WORK TO COMPLETE ->
Transcribe all of the records, leaving out any pictures.

GIVEN RECORDS ->
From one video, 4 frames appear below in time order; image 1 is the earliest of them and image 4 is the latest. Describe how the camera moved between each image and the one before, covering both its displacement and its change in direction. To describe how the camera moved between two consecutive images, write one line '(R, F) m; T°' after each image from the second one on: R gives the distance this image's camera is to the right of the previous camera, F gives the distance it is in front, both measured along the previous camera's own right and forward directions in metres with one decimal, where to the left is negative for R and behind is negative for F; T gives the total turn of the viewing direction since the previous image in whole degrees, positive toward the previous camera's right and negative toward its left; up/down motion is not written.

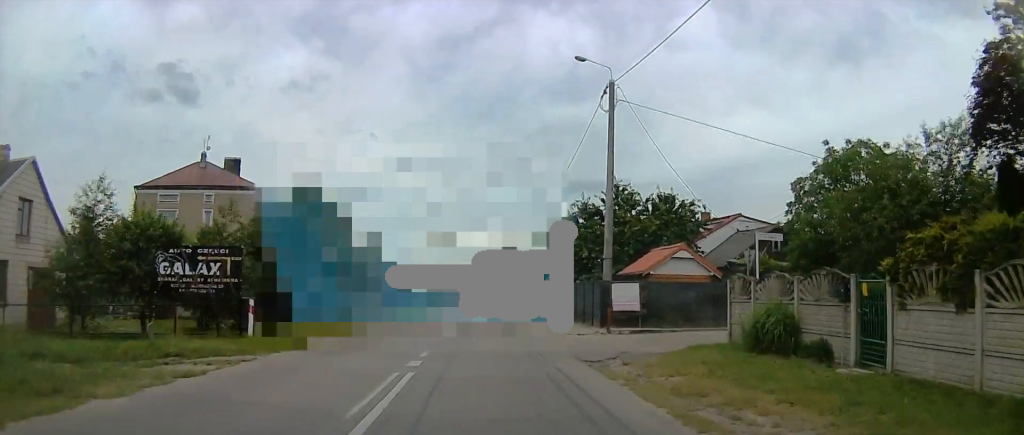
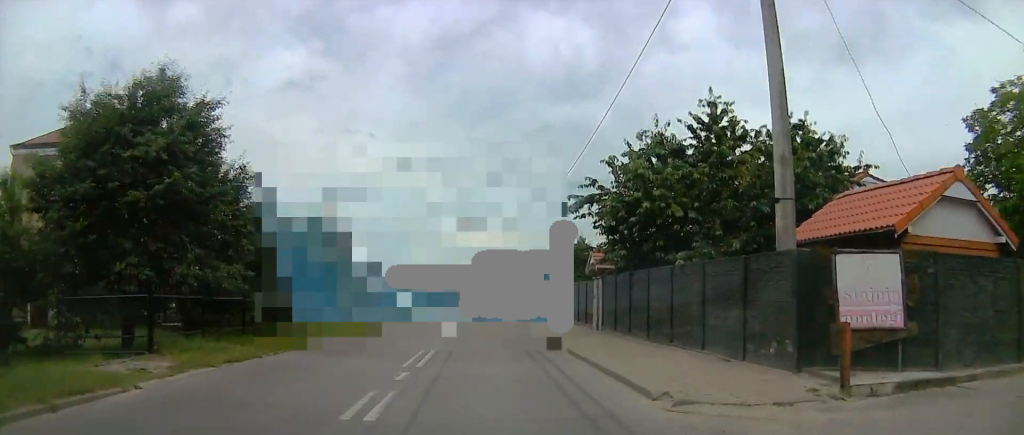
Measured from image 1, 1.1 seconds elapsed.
(+0.1, +15.2) m; -1°
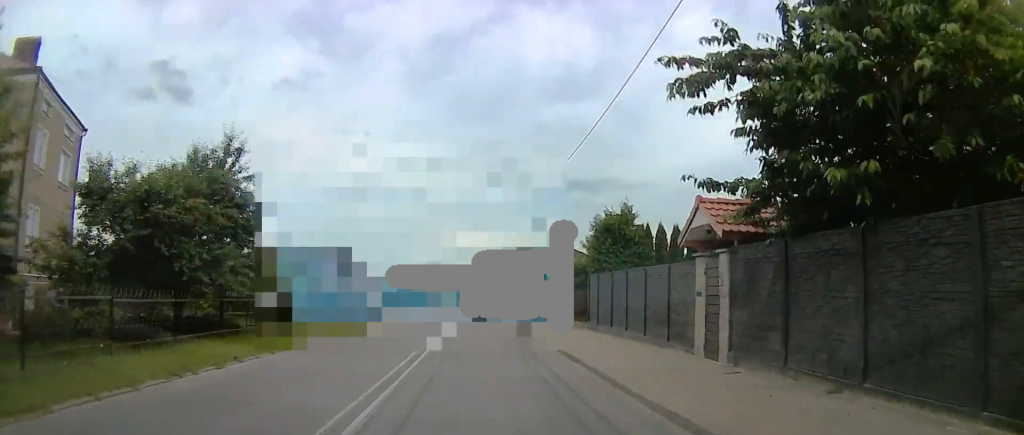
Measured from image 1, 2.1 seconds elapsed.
(-0.2, +12.6) m; +1°
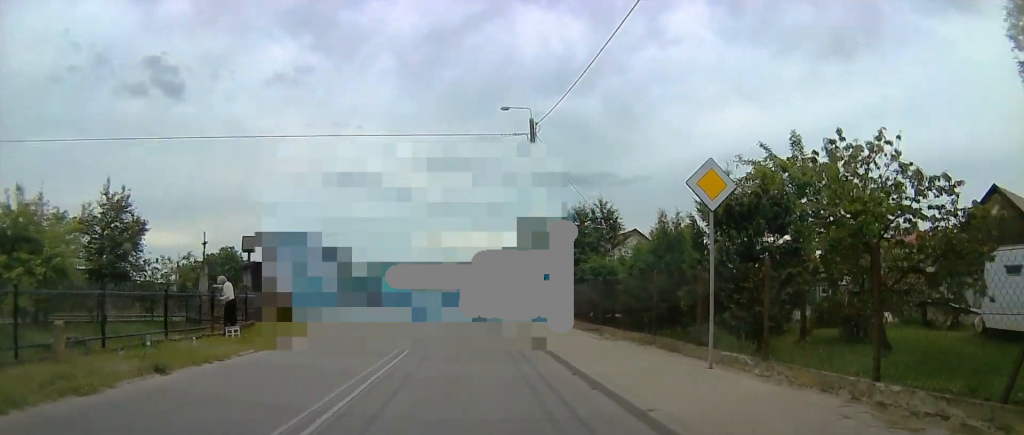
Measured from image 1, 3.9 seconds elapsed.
(+1.9, +20.8) m; +9°

RESULT OF THE TASK ->
From one video, 4 frames appear below in time order; image 1 is the earliest of them and image 4 is the latest. Describe how the camera moved between each image and the one before, covering both its displacement and its change in direction. To describe how the camera moved between two consecutive images, write one line '(R, F) m; T°' after each image from the second one on: R gives the distance this image's camera is to the right of the previous camera, F gives the distance it is in front, both measured along the previous camera's own right and forward directions in metres with one decimal, where to the left is negative for R and behind is negative for F; T gives the total turn of the viewing direction since the previous image in whole degrees, positive toward the previous camera's right and negative toward its left; up/down motion is not written.

Measured from image 1, 1.1 seconds elapsed.
(+0.1, +15.2) m; -1°
Measured from image 1, 2.1 seconds elapsed.
(-0.2, +12.6) m; +1°
Measured from image 1, 3.9 seconds elapsed.
(+1.9, +20.8) m; +9°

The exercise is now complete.